Dosing protocols and literature-reported ranges are documented in the approved label or trial publications referenced above.

The 37-year clinical experience defines the octreotide safety profile.

Gallbladder disease. The most clinically significant long-term safety concern. Octreotide reduces gallbladder motility and increases the risk of gallstone formation. Approximately 30 to 50 percent of patients on chronic therapy develop gallstones, though many are asymptomatic. Pre-treatment and periodic gallbladder ultrasound monitoring is standard.

Glucose intolerance. SSTR2/5 activation on pancreatic beta cells suppresses insulin and produces glucose intolerance. Patients without baseline diabetes may develop impaired glucose tolerance. Patients with diabetes typically require adjustment of glucose-lowering therapy.

Gastrointestinal effects. Diarrhea, abdominal cramping, and steatorrhea (fatty stools) from suppressed pancreatic enzyme release. Generally improves with continued use.

Bradycardia and cardiac conduction abnormalities. Modest heart rate reduction. Generally clinically tolerable but warrants monitoring in patients with pre-existing cardiac disease.

Injection-site pain.
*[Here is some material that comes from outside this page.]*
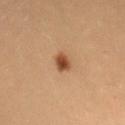The subject is a female aged approximately 20.
The lesion-visualizer software estimated a border-irregularity index near 2/10 and a peripheral color-asymmetry measure near 1. The software also gave an automated nevus-likeness rating near 100 out of 100 and a lesion-detection confidence of about 100/100.
The lesion is on the head or neck.
Cropped from a whole-body photographic skin survey; the tile spans about 15 mm.

Common with the long-acting intramuscular depot. The microsphere formulation produces a depot that can cause site discomfort.
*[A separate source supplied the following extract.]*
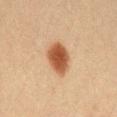Acquisition and patient details: Captured under cross-polarized illumination. A 15 mm close-up tile from a total-body photography series done for melanoma screening. The lesion is located on the lower back. A female patient aged 18 to 22.

Hypothyroidism. TSH suppression and primary hypothyroidism can develop with long-term use. Thyroid function monitoring is standard.

B12 deficiency. Long-term use can produce malabsorption and B12 deficiency.

The safety profile is well characterized and the risk-benefit assessment is favorable for the approved indications. The long-term safety profile is one of the better-characterized in specialty endocrinology pharmacotherapy.

The somatostatin analog class has three primary approved members:

Octreotide (Sandostatin). The first approved (1988). Available as immediate-release and long-acting depot. Binds SSTR2 and SSTR5. The reference somatostatin analog with the most extensive clinical experience.

Lanreotide (Somatuline). Approved in 2007 in the US (earlier in EU). Similar receptor binding profile to octreotide. Available as long-acting deep subcutaneous injection (not intramuscular). Pre-filled syringes allow some patients to self-administer.

Pasireotide (Signifor). Approved in 2012 for Cushing's disease. Binds SSTR1, SSTR2, SSTR3, and SSTR5 (broader receptor profile than octreotide and lanreotide). Higher rate of hyperglycemia due to the broader SSTR profile but better efficacy in Cushing's disease where SSTR5 is particularly relevant.

For acromegaly, octreotide and lanreotide are essentially interchangeable with similar efficacy and safety. The choice often comes down to patient preference (intramuscular octreotide vs subcutaneous lanreotide), insurance coverage, or specific clinical situations. Pasireotide is reserved for cases where the broader receptor profile provides clinical advantage.